Webhooks are all fine and good to make your platform efficient and scalable. If clients now have to run their own redundant highly available services to catch events, that’s a lot of work, and many will just skip it. The found that once they build out a serverless platform where they could host their clients code, they got much more uptake on their event API. And, more importantly, they found that their power user customers were actually building out important features of their platform. He made a good case that every online service should really be considering an embedded serverless environment.

API Microversions

I was ostensibly there to talk about API Microversions, an approach we did in OpenStack to handle the fact that deployments of OpenStack upgrade at very different cadences. The talk went pretty well.

20 minutes was a challenge to explain something that took us all 6 months to get our heads around. I do think I managed to communicate the key challenge: when you build an open source system with a user facing API, how do users control what they get?  A lot of previous “good enough” rules fall down.

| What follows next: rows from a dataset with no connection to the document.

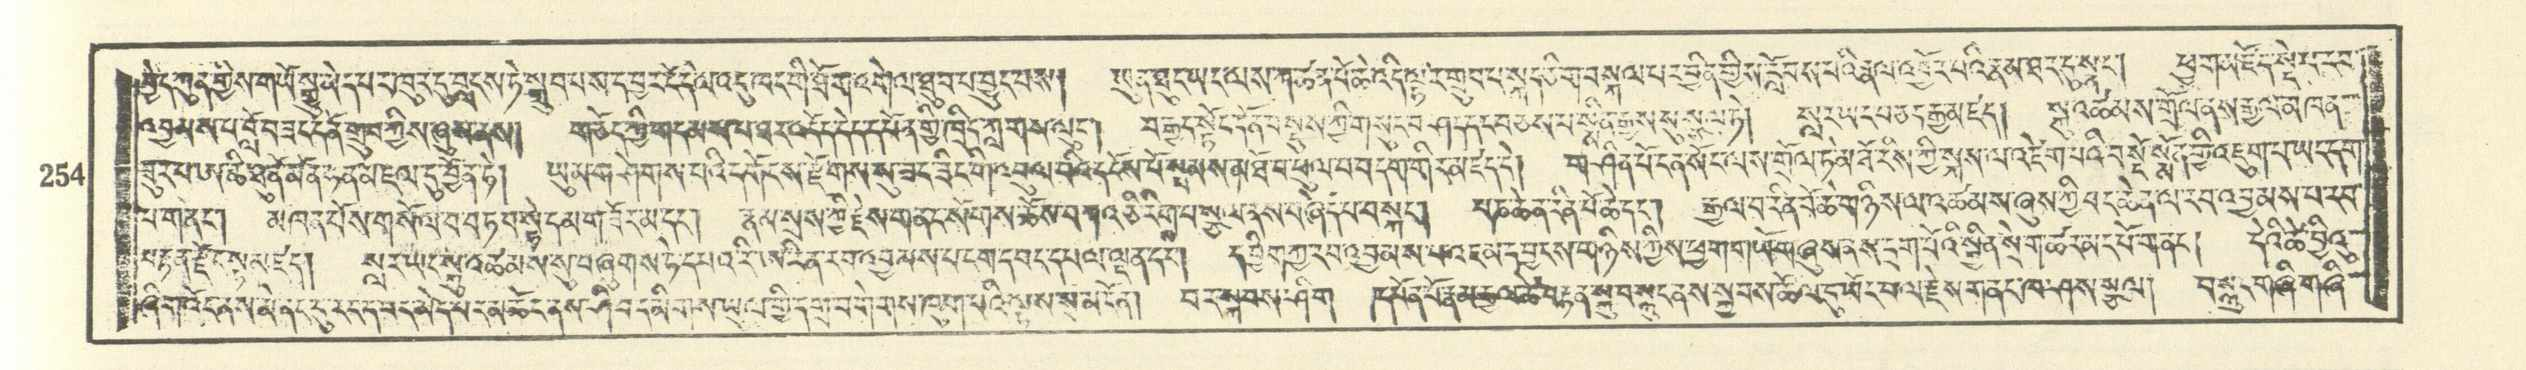བྱེད་ཀུན་གྱིས་གཡོ་སྒྱུ་མེད་པར་ཁུར་དུ་བླངས་ཏེ་སྒྲུབ་པས་དབྱར་དོ་དེ་ལ་འདུ་ཁང་གི་ཐོག་འགེལ་ཐུབ་པ་བྱུང་བས། ཡུན་ཐུང་ཡང་ལས་ཀ་ཚན་པོ་ཆེ་འདི་ལྟར་གྲུབ་པ་སྐད་ཅིག་བསྐལ་པར་བྱིན་གྱིས་རློབས་པའི་རྣལ་འབྱོར་པའི་རྣམ་ཐར་དུ་སྣང་། ཕྱག་མཛོད་སྡེ་པ་རབ་
འབྱམས་པ་བློ་བཟང་དོན་གྲུབ་ཀྱིས་ཞུས་ནས། གཅོད་ཀྱི་གདམས་པ་ཐར་འདོད་དེད་དཔོན་གྱི་ཁྲིད་ཀླགས་ལུང་། བརྒྱད་སྟོང་དོན་བསྡུས་ཀྱི་གསུང་བཤད་དང་བཅས་པ་སྨིན་རྒྱས་སུ་སྩལ་ཏེ། སླར་ཡང་བཅད་རྒྱ་མཛད། སྐུ་འཚམས་གྲོལ་ནས་རྒྱལ་མཁན་
ཟུར་པ་ཨ་ཆི་ཐུ་ནོ་མོན་ཧན་མཇལ་དུ་བྱོན་ཏེ། ཡུམ་གཤེགས་པའི་དགོངས་རྫོགས་སུ་ཟང་ཟིང་གི་འབུལ་བའི་དངོས་པོ་སྤམས་མཐོ་བ་ཕུལ་བ་བདག་གིར་མཛད་དེ། གཤིན་པོ་ངན་སོང་ལས་གྲོལ་ཏེ་མཐོ་རིས་ཀྱི་སྐས་ལ་འཛེག་པའི་བསྔོ་སྨོན་གྱི་འཇུག་པ་ཡང་དག་
པ་གནང་། མཁན་པོས་གསོལ་བ་བཏབ་སྟེ་དམག་ཟོར་མ་དང་། རྣམ་སྲས་ཀྱི་རྗེས་གནང་སོགས་ཆོས་བཀའ་ཅི་རིགས་པ་སྩལ་ནས་བཞེད་པ་བསྐང་། པཎ་ཆེན་རིན་པོ་ཆེ་དང་། རྒྱལ་བ་རིན་པོ་ཆེ་གཉིས་ལ་འཚམས་ཞུས་ཀྱི་བང་ཆེན་ལ་རབ་འབྱམས་པ་རབ་
བརྟན་རྫོང་སྟ་མཛད། སླར་ཡང་སྐུ་འཚམས་སུ་བཞུགས་ཏེ་དཔའ་རི་ཨ་རིན་རབ་འབྱམས་པ་ངག་དབང་དཔལ་ལྡན་དང་། དབྱིག་ཀྱ་རབ་འབྱམས་པ་འཇམ་དབྱངས་གཉིས་ཀྱིས་ཕྱག་གཡོག་ཞུས་ནས་དྲག་པོའི་སྦྱིན་སྲེག་ཚར་མང་པོ་གནང་། དེའི་ཚེ་བྱིའུ་
ཞིག་འོང་ནས་མེ་ནང་དུ་རང་དབང་མེད་པར་མཆོང་ནས་ཤི་བ་དམིགས་ཡུལ་གྱི་དགྲ་བ་གེགས་ཁུག་པའི་ལྟས་སུ་མངོན། པར་སྐབས་ཤིག །དཔོན་པོ་རྣམ་རྒྱལ་ཚེ་བརྟན་སྐུ་བསྙུང་ནས་སྐྱབས་ཚོལ་དུ་ཡོང་བ་ལ་རྗེས་གནང་ཁ་ཤས་སྩལ། བསྙུང་གཞི་གཞི་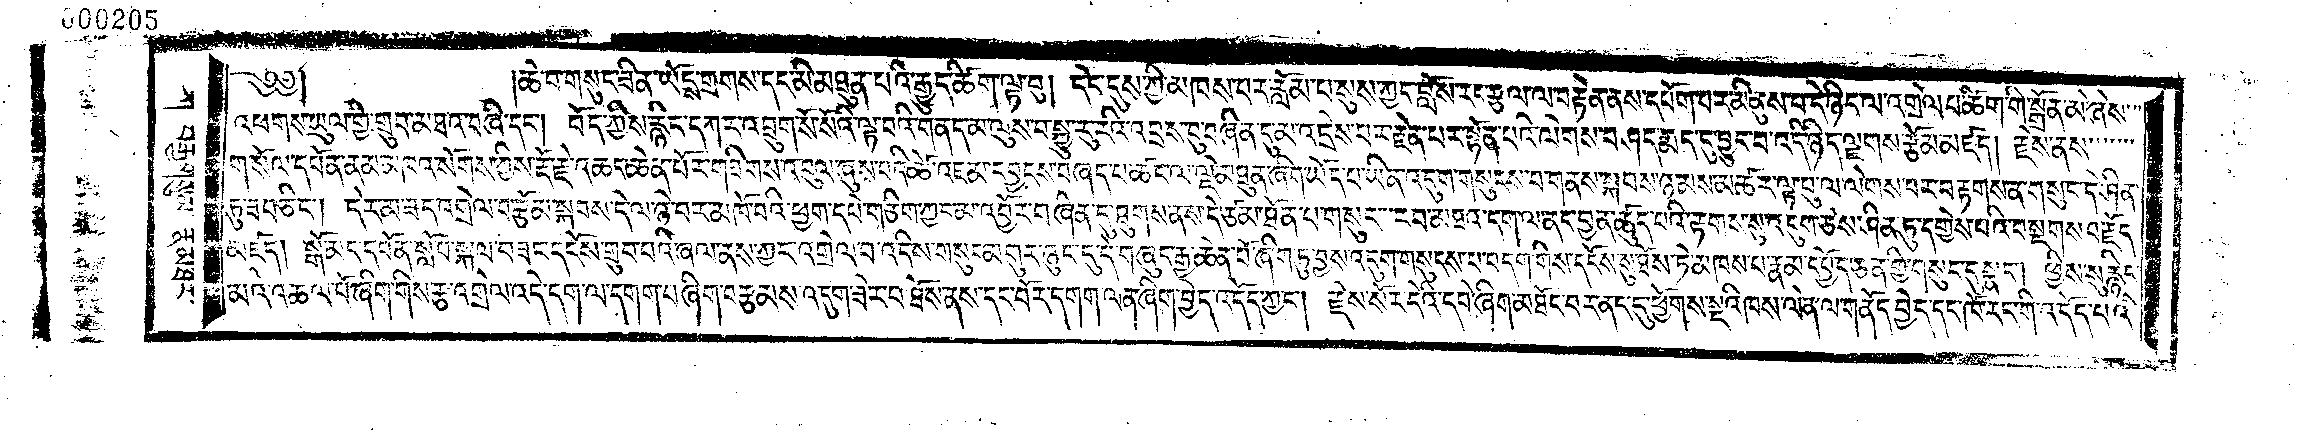༄༅། །ཆེ་བ་གསུང་ཟིན་ཡོངས་གྲགས་དང་མི་མཐུན་པའི་རྒྱུད་ཚིག་ལྟ་བུ། དེང་དུས་ཀྱི་མཁས་པར་རློམ་པ་སུས་ཀྱང་བློས་རང་རྩལ་ལ་བརྟེན་ནས་དཔོག་པར་མི་ནུས་པ་དེ་ཉིད་ལ་འགྲེལ་པ་ཚིག་གི་སྒྲོན་མེ་ཞེས་
འཕགས་ཡུལ་གྱི་གྲུབ་མཐའ་བཞི་དང་། བོད་ཀྱི་ས་རྙིང་དཀར་འབྲུག་སོ་སོའི་ལྟ་བའི་གནད་མ་ལུས་པ་སྒྱུ་རུ་རའི་འབྲས་བུ་བཞིན་དུ་མ་འདྲེས་པར་རྗེན་པར་སྟོན་པའི་ལེགས་བཤད་རྨད་དུ་བྱུང་བ་འདི་ཉིད་ལྗགས་རྩོམ་མཛད། རྗེས་ནས་
གསོལ་དཔོན་ནམ་མཁའ་སོགས་ཀྱིས་རྡོ་རྗེ་འཆང་ཆེན་པོར་གཟིགས་འབུལ་ཞུས་པའི་ཚེ་འཇམ་དབྱངས་བཞད་པ་ཚང་ལ་ལྡེ་མཐུན་ཞིག་ཡོད་པ་ཡིན་འདུག་གསུངས་པ་གནས་སྐབས་ཉམས་མཚར་ལྟ་བུ་ལ་ལེགས་པར་བརྟགས་ན་གསུང་དེ་ཤིན་
ཏུ་ཟབ་ཅིང་། དེར་མ་ཟད་འགྲེལ་པ་རྩོམ་སྐབས་དེ་ལ་ཉེ་བར་མཁོ་བའི་ཕྱག་དཔེ་གཅིག་ཀྱང་མ་འབྱོར་བཞིན་དུ་ཐུགས་ནས་དེ་ཙམ་ཐོན་པ་གསུང་རབ་མཐའ་དག་ལ་ནང་བྱན་ཚུད་པའི་རྟགས་སུ་འདུག་ཅེས་ཤིན་ཏུ་དགྱེས་པའི་བསྔགས་བརྗོད་
མཛད། སྒོ་མང་དཔོན་སློབ་སྐལ་བཟང་དངོས་གྲུབ་པའི་ཞལ་ནས་ཀྱང་འགྲེལ་བ་འདིས་གསུང་མགུར་ཉུང་དུ་དེ་གཞུང་རྒྱ་ཆེན་པོ་ཞིག་ཏུ་བྱས་འདུག་གསུངས་པ་བདག་གིས་དངོས་སུ་ཐོས་ཏེ་མཁས་པ་རྣམ་དཔྱོད་ཅན་གྱི་གསུང་དུ་སྣང་། ཕྱིས་སུ་རྙིང་
མའི་འཆལ་པོ་ཞིག་གིས་རྩ་འགྲེལ་འདི་དག་ལ་དགག་པ་ཞིག་བརྩམས་འདུག་ཟེར་བ་ཐོས་ནས་དང་པོར་དགག་ལན་ཞིག་བྱེད་འདོད་ཀྱང་། རྗེས་སོར་དེའི་དཔེ་ཞིག་མཐོང་བར་ནང་དུ་ཕྱོགས་སྔའི་ཁས་ལེན་ལ་གནོད་བྱེད་དང་ཁོ་རང་གི་འདོད་པའི་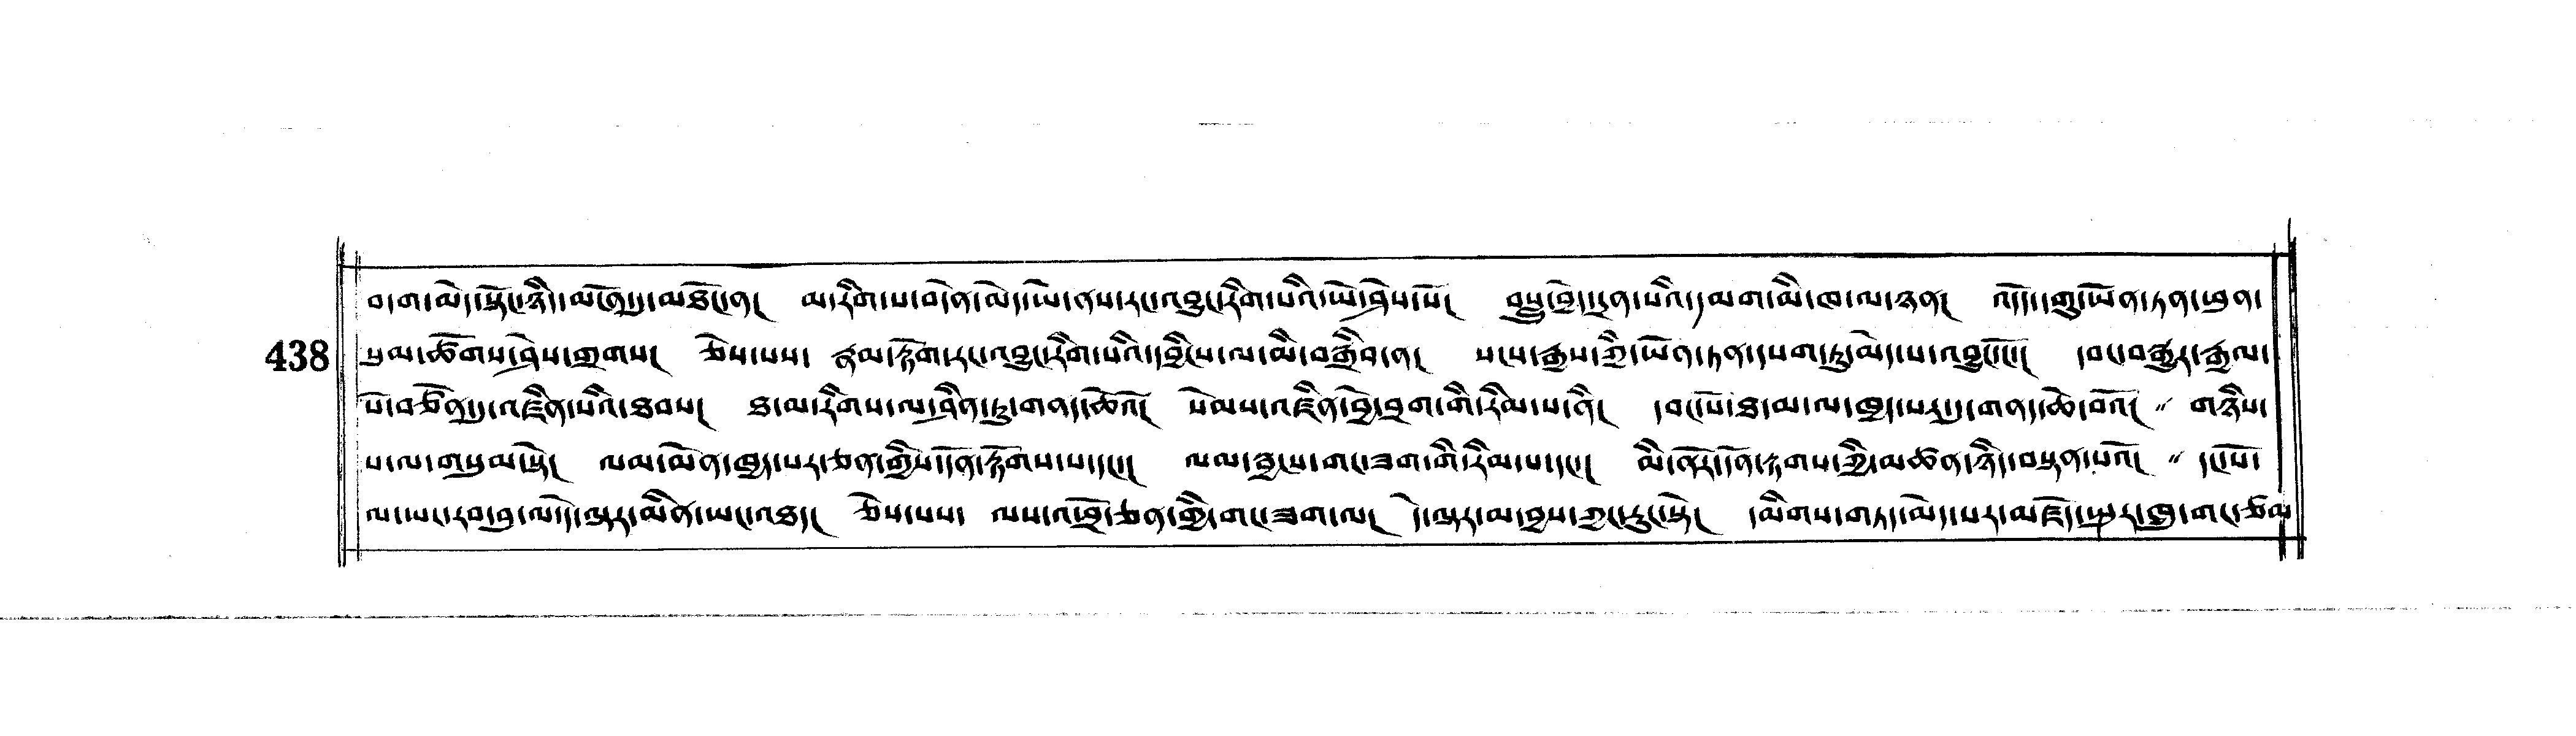བདག་མེད་སྟོང་ཉིད་མངོན་དུ་མཐོང་ན། མ་རིག་པ་བདེན་མེད་ཡེ་ནས་རང་འབྱུང་རིག་པའི་ཡེ་ཤེས་སོ། བསླུ་བྱེད་དྲན་པའི་དམག་མི་ཁ་ལ་ཉན། འདོད་རྒུ་ཡོན་ཏན་ཕུན་
སུམ་ཚོགས་ཞེས་གྲགས། ཅེས་པས། རྣམ་རྟོག་རང་འབྱུང་རིག་པའི་དབྱིངས་ལ་མི་བསྒྲིབ་ན། སངས་རྒྱས་ཀྱི་ཡོན་ཏན་དཔག་ཏུ་མེད་པ་འབྱུང་ངོ་། དབང་སྒྱུར་རྒྱལ་
པོ་བཙོན་དུ་འཛིན་པའི་ཐབས། ཐ་མ་རིགས་ལ་ཤིན་ཏུ་གནད་ཆེའོ། སེམས་འཛིན་བྱེ་བྲག་གི་རིམ་པ་ནི། དབང་པོ་ཐ་མ་ལ་ཁྱད་པར་དུ་གནད་ཆེ་བའོ། གཉིས་
པ་ལ་གསུམ་སྟེ། ལག་ལེན་ཁྱད་པར་ཅན་གྱིས་དོན་རྟོགས་པ་དང་། ལམ་སྦྱང་གང་ཟག་གི་རིམ་པ་དང་། མི་ནོར་དོན་རྟགས་ཀྱི་མཚན་ཉིད་བསྟན་པའོ། དང་པོ་
ལ་ཡང་རབ་བུ་ལ་དེ་ལྟར་མིན་ཡང་འཐད། ཅེས་པས། ལས་འཕྲོ་ཅན་གྱི་གང་ཟག་ལ་དེ་ལྟར་མ་བྱས་ཀྱང་རུང་སྟེ། དམིགས་གཏད་མེད་པར་མཛོད་སྤུར་ཁྲུ་གང་ཙམ་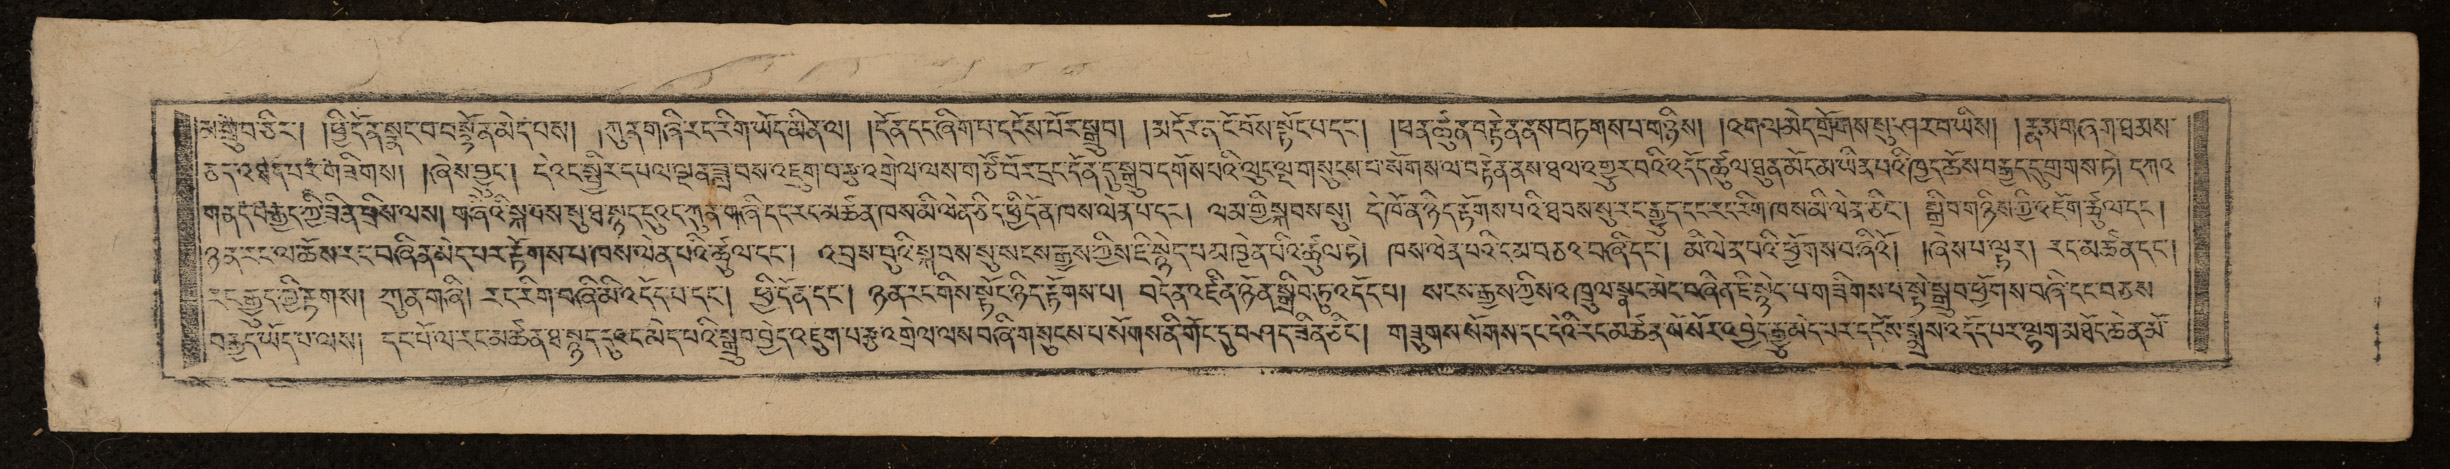མ་གྲུབ་ཅིང་། །ཕྱི་དོན་སྣང་བ་བསྙོན་མེད་པས། །ཀུན་གཞི་རང་རིག་ཡོད་མིན་ལ། །དོན་དང་ཞིག་བ་དངོས་པོར་སྒྲུབ། །མདོར་ན་ངོ་བོས་སྟོང་བ་དང་། །ཕན་ཚུན་བརྟེན་ནས་བཏགས་པ་གཉིས། །འགལ་མེད་གྲོགས་སུ་ཤར་བ་ཡིས། །རྣམ་གཞག་ཐམས་
ཅད་འཐད་པར་གཟིགས། །ཞེས་བྱུང་། དེའང་སྤྱིར་དཔལ་ལྡན་ཟླ་བས་འཇུག་པ་རྩ་འགྲེལ་ལས་གཙོ་བོར་དྲང་དོན་དུ་སྒྲུབ་དགོས་པའི་ལུང་ལྔ་གསུངས་པ་སོགས་ལ་བརྟེན་ནས་ཐལ་འགྱུར་བའི་འདོད་ཚུལ་ཐུན་མོང་མ་ཡིན་པའི་ཁྱད་ཆོས་བརྒྱད་དུ་གྲགས་ཏེ། དཀའ་
གནད་བརྒྱད་ཀྱི་ཟིན་བྲིས་ལས། གཞིའི་སྐབས་སུ་ཐ་སྙད་དུའང་ཀུན་གཞི་དང་རང་མཚན་ཁས་མི་ལེན་ཅིང་ཕྱི་དོན་ཁས་ལེན་པ་དང་། ལམ་གྱི་སྐབས་སུ། དེ་ཁོ་ན་ཉིད་རྟོགས་པའི་ཐབས་སུ་རང་རྒྱུད་དང་རང་རིག་ཁས་མི་ལེན་ཅིང་། སྒྲིབ་གཉིས་ཀྱི་འཇོག་ཚུལ་དང་།
ཉན་རང་ལ་ཆོས་རང་བཞིན་མེད་བར་རྟོགས་པ་ཁས་ལེན་པའི་ཚུལ་དང་། འབྲས་བུའི་སྐབས་སུ་སངས་རྒྱས་ཀྱིས་ཇི་སྙེད་པ་མཁྱེན་པའི་ཚུལ་ཏེ། ཁས་ལེན་པའི་དམ་བཅའ་བཞི་དང་། མི་ལེན་པའི་ཕྱོགས་བཞིའོ། །ཞེས་པ་ལྟར། རང་མཚན་དང་།
རང་རྒྱུད་ཀྱི་རྟགས། ཀུན་གཞི། རང་རིག་བཞི་མི་འདོད་པ་དང་། ཕྱི་དོན་དང་། ཉན་རང་གིས་སྟོང་ཉིད་རྟོགས་པ། བདེན་འཛིན་ཉོན་སྒྲིབ་ཏུ་འདོད་པ། སངས་རྒྱས་ཀྱིས་འཁྲུལ་སྣང་མེད་བཞིན་ཇི་སྙེད་བ་གཟིགས་པ་སྟེ་སྒྲུབ་ཕྱོགས་བཞི་དང་བཅས་
བརྒྱད་ཡོད་པ་ལས། དང་པོ་ལ་རང་མཚན་ཐ་སྙད་དུའང་མེད་པའི་སྒྲུབ་བྱེད་འཇུག་པ་རྩ་འགྲེལ་ལས་བཞི་གསུངས་པ་སོགས་ནི་གོང་དུ་བཤད་ཟིན་ཅིང་། གཟུགས་སོགས་དང་དེའི་རང་མཚན་སོ་སོར་འབྱེད་རྒྱུ་མེད་པར་དཔས་སྨྲས་འདོད་བར་ལྟག་མཐོང་ཆེན་མོ་

Darrel Miller had given a talk “How to never make another breaking API change“. His first 5 minutes were really similar to mine, and then, because this was about Azure, with a single controlled API instance, the solution veered in a different direction. It was solid reinforcement for that fact that we were on the right path here, and that the open source solution has a different additional constraint.

One of the key questions I got in Q&A is one I’d been thinking about. Does GraphQL make this all obsolete? GraphQL was invented by Facebook to get away from the HTTP GET/POST model of passing data around, and let you specify a pretty structured query about the data you need from the server. On paper, it solves a similar problem as microversions, because it if you are really careful with your GraphQL you can ask for the minimum data you need, and are unlikely to get caught by things coming and going in the API. However, in practice, I’m not convinced it would work. In OpenStack we saw that most API usage was not raw API calls, it was through an SDK provided by someone in the community. If you are an SDK writer, it’s a lot harder to make assumptions about what parts of objects people want, so you’d tend to return everything. And that puts you right back with the same problem we have in REST in OpenStack.

API Documentation

There were many talks on better approaches for documentation, which resonated with my after the great OpenStack docs migration.

Taylor Barnett’s talk “Things I Wish People Told Me About Writing Docs” was one of my favorites. It included real user studies on what people actually read in documentation. It turns out that people don’t read your API documentation, they skim hard. They will read your code snippets as long as they aren’t too long. But they won’t read the paragraph before it, so if there is something really critical about the code, make it a comment in the code snippet itself. There was also a great cautionary tale to stop using phases like “can be easily done”. People furiously hunting around your site trying to get code working are ramping up quick. Words like “easy” make them feel dumb and frustrated when they don’t get it working on the first try. Having a little more empathy for the state of mind of the user when they show up goes a long way towards building a relationship with them, and making them more bought into your platform.

Making New Friends

I also managed to have an incredible dinner the first night I was in town setup by my friend Chris Aedo. Both the food and conversation were amazing, in which I learned about Wordnic, distributed data systems, and that you can loose a year of research because ferrits bread for specific traits might be too dumb to be trained.

Definitely a lovely conference, and one I hope to make it back to next year.